Exercise aim
Please reproduce the following records exactly, with nothing omitted.

Record set
________
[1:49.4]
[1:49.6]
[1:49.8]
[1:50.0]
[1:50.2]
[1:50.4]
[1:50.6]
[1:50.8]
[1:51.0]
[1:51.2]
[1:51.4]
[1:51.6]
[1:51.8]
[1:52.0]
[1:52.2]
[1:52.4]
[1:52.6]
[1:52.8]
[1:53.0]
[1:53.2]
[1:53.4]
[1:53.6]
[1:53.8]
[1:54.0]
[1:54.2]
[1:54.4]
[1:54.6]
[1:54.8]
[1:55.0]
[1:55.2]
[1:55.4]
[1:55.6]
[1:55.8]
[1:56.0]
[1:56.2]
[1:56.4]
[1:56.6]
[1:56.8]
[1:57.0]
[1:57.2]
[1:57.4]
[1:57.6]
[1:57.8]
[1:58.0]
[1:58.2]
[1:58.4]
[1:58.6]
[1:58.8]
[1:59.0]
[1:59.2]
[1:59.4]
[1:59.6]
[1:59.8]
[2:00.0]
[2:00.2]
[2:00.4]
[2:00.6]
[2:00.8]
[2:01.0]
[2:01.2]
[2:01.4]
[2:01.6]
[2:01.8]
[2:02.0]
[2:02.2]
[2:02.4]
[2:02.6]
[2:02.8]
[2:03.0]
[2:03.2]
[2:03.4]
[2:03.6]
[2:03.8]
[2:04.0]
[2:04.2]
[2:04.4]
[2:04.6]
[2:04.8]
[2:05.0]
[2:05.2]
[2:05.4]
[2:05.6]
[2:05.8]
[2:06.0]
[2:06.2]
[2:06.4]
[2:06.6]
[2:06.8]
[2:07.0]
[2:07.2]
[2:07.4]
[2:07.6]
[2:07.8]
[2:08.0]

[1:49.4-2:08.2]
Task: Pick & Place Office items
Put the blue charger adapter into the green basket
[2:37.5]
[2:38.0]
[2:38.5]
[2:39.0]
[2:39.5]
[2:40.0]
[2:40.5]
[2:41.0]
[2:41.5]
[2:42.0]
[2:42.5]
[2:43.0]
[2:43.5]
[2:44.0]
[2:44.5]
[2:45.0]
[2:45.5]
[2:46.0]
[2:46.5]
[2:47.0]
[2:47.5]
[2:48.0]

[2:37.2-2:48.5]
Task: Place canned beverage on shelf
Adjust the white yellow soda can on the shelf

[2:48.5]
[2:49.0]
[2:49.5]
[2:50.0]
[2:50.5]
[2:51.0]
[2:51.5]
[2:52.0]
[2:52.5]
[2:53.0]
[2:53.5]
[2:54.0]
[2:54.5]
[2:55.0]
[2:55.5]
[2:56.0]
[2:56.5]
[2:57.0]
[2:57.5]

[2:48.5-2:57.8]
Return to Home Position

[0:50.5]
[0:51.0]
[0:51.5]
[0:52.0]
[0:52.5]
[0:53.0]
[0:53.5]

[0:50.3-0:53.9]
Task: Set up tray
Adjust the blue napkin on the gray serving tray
________
Solution to this problem
[1:49.4]
[1:49.6]
[1:49.8]
[1:50.0]
[1:50.2]
[1:50.4]
[1:50.6]
[1:50.8]
[1:51.0]
[1:51.2]
[1:51.4]
[1:51.6]
[1:51.8]
[1:52.0]
[1:52.2]
[1:52.4]
[1:52.6]
[1:52.8]
[1:53.0]
[1:53.2]
[1:53.4]
[1:53.6]
[1:53.8]
[1:54.0]
[1:54.2]
[1:54.4]
[1:54.6]
[1:54.8]
[1:55.0]
[1:55.2]
[1:55.4]
[1:55.6]
[1:55.8]
[1:56.0]
[1:56.2]
[1:56.4]
[1:56.6]
[1:56.8]
[1:57.0]
[1:57.2]
[1:57.4]
[1:57.6]
[1:57.8]
[1:58.0]
[1:58.2]
[1:58.4]
[1:58.6]
[1:58.8]
[1:59.0]
[1:59.2]
[1:59.4]
[1:59.6]
[1:59.8]
[2:00.0]
[2:00.2]
[2:00.4]
[2:00.6]
[2:00.8]
[2:01.0]
[2:01.2]
[2:01.4]
[2:01.6]
[2:01.8]
[2:02.0]
[2:02.2]
[2:02.4]
[2:02.6]
[2:02.8]
[2:03.0]
[2:03.2]
[2:03.4]
[2:03.6]
[2:03.8]
[2:04.0]
[2:04.2]
[2:04.4]
[2:04.6]
[2:04.8]
[2:05.0]
[2:05.2]
[2:05.4]
[2:05.6]
[2:05.8]
[2:06.0]
[2:06.2]
[2:06.4]
[2:06.6]
[2:06.8]
[2:07.0]
[2:07.2]
[2:07.4]
[2:07.6]
[2:07.8]
[2:08.0]

[1:49.4-2:08.2]
Task: Pick & Place Office items
Put the blue charger adapter into the green basket
[2:37.5]
[2:38.0]
[2:38.5]
[2:39.0]
[2:39.5]
[2:40.0]
[2:40.5]
[2:41.0]
[2:41.5]
[2:42.0]
[2:42.5]
[2:43.0]
[2:43.5]
[2:44.0]
[2:44.5]
[2:45.0]
[2:45.5]
[2:46.0]
[2:46.5]
[2:47.0]
[2:47.5]
[2:48.0]

[2:37.2-2:48.5]
Task: Place canned beverage on shelf
Adjust the white yellow soda can on the shelf

[2:48.5]
[2:49.0]
[2:49.5]
[2:50.0]
[2:50.5]
[2:51.0]
[2:51.5]
[2:52.0]
[2:52.5]
[2:53.0]
[2:53.5]
[2:54.0]
[2:54.5]
[2:55.0]
[2:55.5]
[2:56.0]
[2:56.5]
[2:57.0]
[2:57.5]

[2:48.5-2:57.8]
Return to Home Position

[0:50.5]
[0:51.0]
[0:51.5]
[0:52.0]
[0:52.5]
[0:53.0]
[0:53.5]

[0:50.3-0:53.9]
Task: Set up tray
Adjust the blue napkin on the gray serving tray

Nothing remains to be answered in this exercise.